Senior/Principal Performance Engineer
Posted Jun 19

Posted Jun 19
This is a fully remote position, open to applicants in United States.
• Design, develop, and sustain extensive benchmarking frameworks that encompass OS, kernel, and application layers.
• Analyze workloads across CPU, memory, I/O, network, and accelerator (GPU/NPU) subsystems to pinpoint bottlenecks and areas for optimization.
• Establish and take ownership of performance baselines throughout CIQ's product and solutions portfolio.
• Utilize AI-assisted tools and agentic workflows to expedite profiling, analysis, and identification of root causes.
• Create and manage automated performance regression-detection pipelines that are integrated into CI/CD workflows using Fuzzball.
• Identify, triage, and resolve regressions in user space, kernel space, and application layers with a sense of urgency and thoroughness.
• Collaborate with engineering teams to trace regressions caused by upstream kernel changes, compiler updates, or library modifications.
• Proactively drive performance enhancements—focusing on advancements rather than just reactive solutions—to maintain CIQ's competitive edge across all stack layers.
• Oversee core operating system performance, including kernel subsystem tuning (scheduler, memory management, I/O, networking), system call overhead reduction, and optimizations for user space libraries and runtimes.
• Identify and apply kernel-level enhancements, such as patches, configuration changes, and upstream contributions that yield measurable performance improvements for CIQ's customer workloads.
• Optimize workloads for AI inference and training, including LLM serving, model parallelism, and accelerator utilization.
• Fine-tune performance for HPC workloads, including modeling, simulation, and tightly coupled parallel applications (MPI, OpenMP, etc.).
• Enhance general computing and service workloads—including web services, databases, messaging systems, and other production software on CIQ's OS platform.
• Operate at all stack levels: adjusting compiler flags, kernel parameters, scheduler settings, NUMA topology, memory allocation, and application-level algorithmic improvements.
• Advocate for an AI-first engineering philosophy—utilizing AI tools, agents, and automation to enhance both personal productivity and the quality of performance insights.
• Identify and prioritize optimization opportunities that significantly affect AI training throughput and inference latency/cost.

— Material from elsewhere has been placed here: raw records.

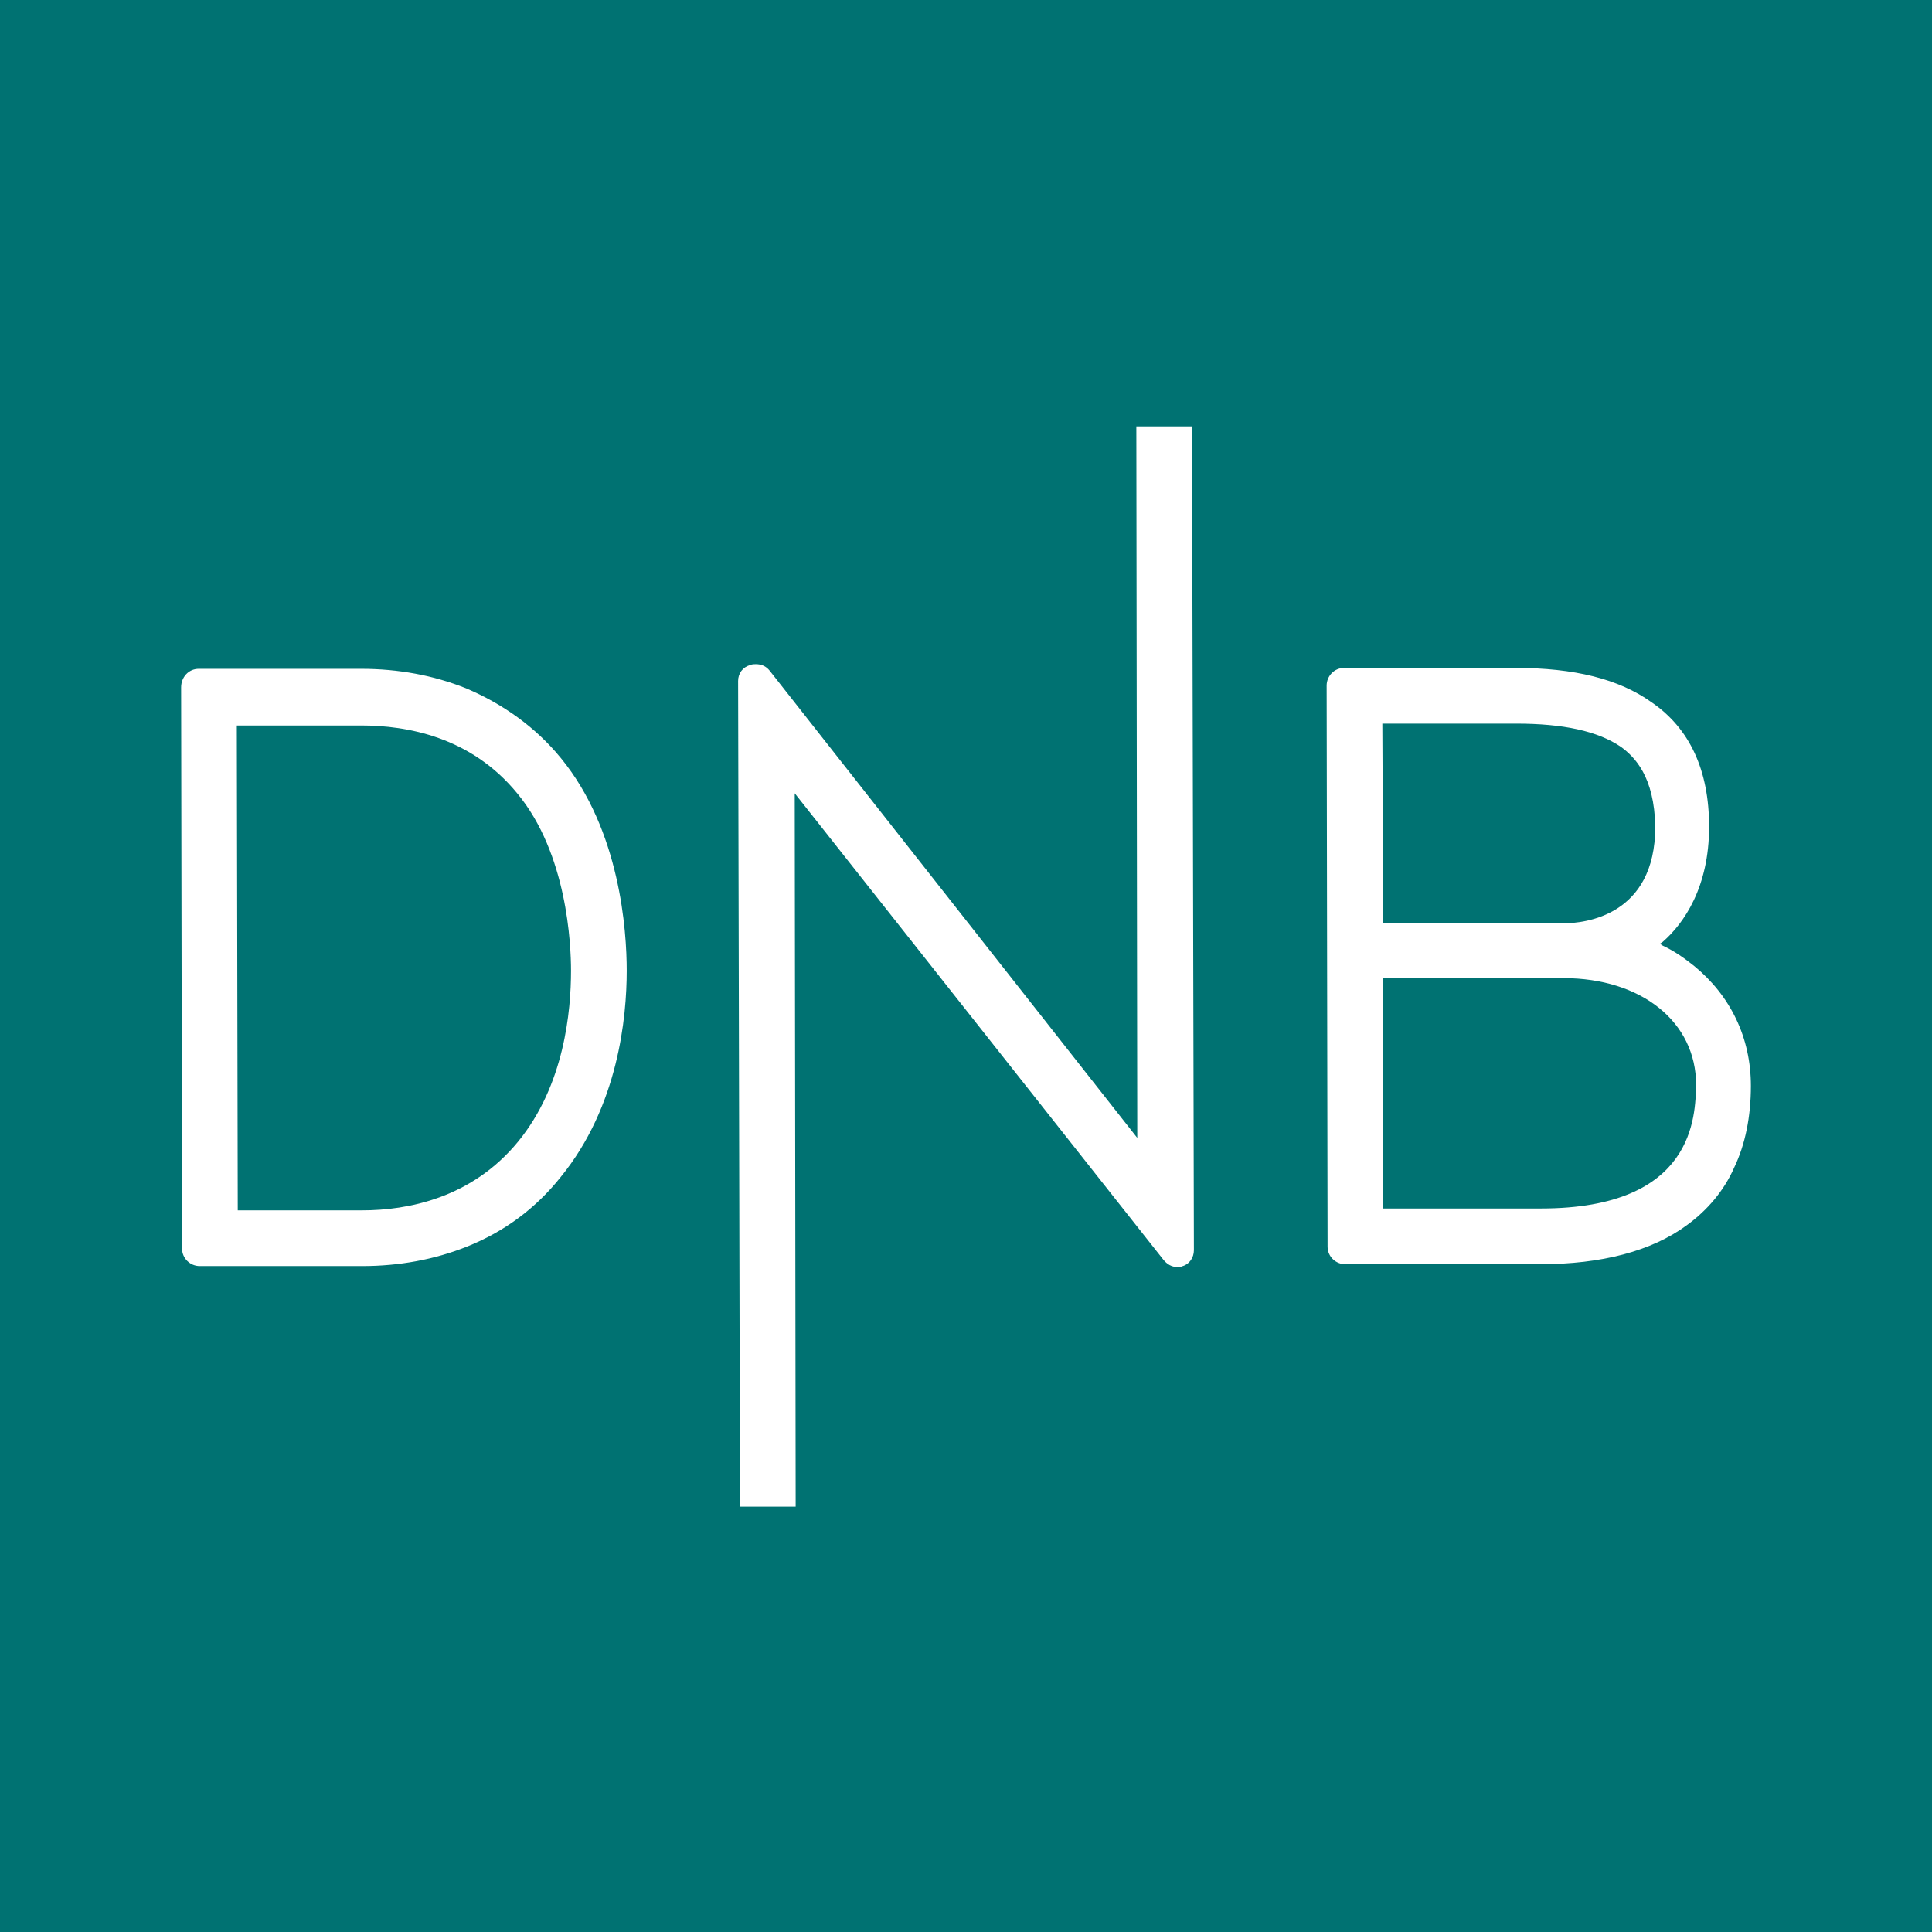 <svg xmlns="http://www.w3.org/2000/svg" fill="none" viewBox="0 0 512 512">
  <path fill="#007272" d="M0 0h512v512H0z"/>
  <g fill="#fff" clip-path="url(#a)">
    <path d="M448.994 256.015c-2.46-1.969-5.166-3.938-8.364-5.415l-.739-.492.739-.493c5.658-4.923 12.3-14.523 12.3-30.523 0-15.015-5.166-26.092-15.253-32.984-8.61-6.154-20.418-9.108-36.163-9.108h-45.265c-2.706 0-4.674 2.215-4.674 4.677l.246 148.677c0 2.708 2.214 4.677 4.674 4.677h51.661c16.237 0 29.521-3.446 38.87-10.339 5.412-3.938 9.84-9.107 12.546-15.261 2.952-6.154 4.428-13.539 4.428-21.662 0-12.8-5.412-23.877-15.006-31.754Zm-82.659-64.246h35.425c12.547 0 21.649 1.969 27.799 6.154 3.69 2.708 8.856 7.877 9.102 21.169 0 23.631-18.696 25.6-24.354 25.6h-47.726l-.246-52.923Zm42.067 128.493h-41.821v-61.047h47.726c20.664 0 35.179 11.57 35.179 28.308-.246 8.123-.246 32.739-41.084 32.739ZM315.903 113l.492 218.338c0 1.97-1.23 3.693-2.952 4.185-.493.246-.985.246-1.477.246-1.476 0-2.706-.738-3.69-1.969l-97.665-123.569.246 189.046h-14.76l-.492-218.831c0-1.969 1.23-3.692 3.198-4.184.492-.247.984-.247 1.476-.247 1.476 0 2.706.493 3.69 1.723l97.419 123.816L301.142 113h14.761Zm-167.286 87.877c-6.642-8.123-15.252-14.277-25.092-18.462-8.611-3.446-17.959-5.169-27.8-5.169h-43.05c-2.707 0-4.675 2.215-4.675 4.923l.246 148.677c0 2.708 2.214 4.677 4.674 4.677h43.052c9.84 0 19.188-1.723 27.799-5.169 9.84-3.939 18.204-10.093 24.846-18.462 15.253-18.707 17.467-42.338 17.467-54.646 0-10.585-1.722-37.169-17.467-56.369Zm-11.316 101.661c-12.3 15.016-29.275 18.216-41.33 18.216H63.007l-.245-128.493h32.965c12.054 0 29.029 2.954 41.329 17.97 13.284 16 14.268 40.123 14.268 47.015 0 10.585-1.722 30.277-14.022 45.292Z"/>
  </g>
  <defs>
    <clipPath id="a">
      <path fill="#fff" d="M48 113h416v286.277H48z"/>
    </clipPath>
  </defs>
</svg>

• Remain up to date on cutting-edge techniques in ML system performance, including quantization, batching strategies, kernel fusion, and hardware-software co-design.
• Develop in-depth expertise in CIQ's Fuzzball platform, focusing on its architecture, scheduling, and workload execution model.
• Integrate performance benchmarks, regression tests, and user-facing workloads into Fuzzball-based pipelines.
• Contribute to the performance characterization of Fuzzball, ensuring minimal overhead and efficient scaling of the platform.
• Gain comprehensive familiarity with CIQ's entire product portfolio—including Rocky Linux and RLC (and its variants), Fuzzball, Apptainer (formerly Singularity), and Warewulf—understanding how performance factors interconnect across each.
• Collaborate extensively with engineering teams behind each product line to highlight, prioritize, and implement performance improvements that benefit customers throughout the CIQ ecosystem.
• Partner with product and customer success teams to translate real-world performance challenges into engineering priorities and measurable outcomes.
• Clearly document and communicate findings—from low-level profiling data to executive-level summaries.
• Contribute to technical publications, conference presentations, and thought leadership that reinforces CIQ's commitment to performance excellence.
• Profound and principled understanding of operating system internals, including the Linux kernel scheduler, memory subsystem, I/O stack, and networking.
• Proven track record in identifying and resolving performance regressions in both kernel and user space within production settings.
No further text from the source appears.